Kinta Selatan

Defunct federal constituency
- Legislature: Dewan Rakyat
- Constituency created: 1955
- Constituency abolished: 1959
- First contested: 1955
- Last contested: 1955

= Kinta Selatan (Federal Legislative Council constituency) =

Former constituency in Malaysia

Kinta Selatan was a federal constituency in Perak, Malaysia, that has been represented in the Federal Legislative Council from 1955 to 1959.

The federal constituency was created in the 1955 redistribution and is mandated to return a single member to the Federal Legislative Council under the first past the post voting system.

== History ==
It was abolished in 1959 when it was redistributed.

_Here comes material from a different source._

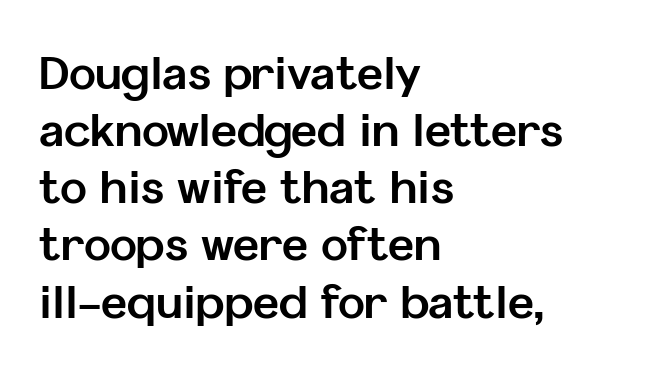
{"serif": "no", "italic": "no", "bold": "yes", "weight": "bold", "width": "normal", "stroke_contrast": "low", "x_height": "medium", "monospaced": "no", "underline": "no", "align": "left", "line_spacing": "normal", "line_spacing_ratio": 1.27, "letter_spacing": "normal", "letter_spacing_em": 0.0, "glyph_px": 45}

=== Representation history ===

Members of Parliament for Kinta Selatan
| Parliament | Years | Member | Party | Vote Share |
Constituency created
| 1st | 1955-1959 | Too Joon Hing (朱运兴) | Alliance (MCA) | 11,611 83.09% |
Constituency abolished, split into Batu Gajah and Kampar

=== State constituency ===

| Parliamentary constituency | State constituency |  |  |  |  |  |  |
| 1955–59* | 1959–1974 | 1974–1986 | 1986–1995 | 1995–2004 | 2004–2018 | 2018–present |
| Kinta Selatan | Kinta South |  |  |  |  |  |  |
| Ipoh East |  |  |  |  |  |  |

==Election results==

Malayan general election, 1955: Kinta Selatan
| Party |  | Candidate | Votes | % |
|  | Alliance | Too Joon Hing | 11,611 | 83.09 |
|  | National Association of Perak | Mohd Baki Daud | 1,629 | 11.66 |
|  | Independent | Idris Hakim | 401 | 2.87 |
|  | PPP | Zaharie Hassan | 273 | 1.95 |
| Total valid votes |  |  | 13,974 | 100.00 |
| Total rejected ballots |  |  |  |
| Unreturned ballots |  |  |  |
| Turnout |  |  | 13,974 | 86.90 |
| Registered electors |  |  | 16,081 |
| Majority |  |  | 9,922 | 71.43 |
This was a new constituency created.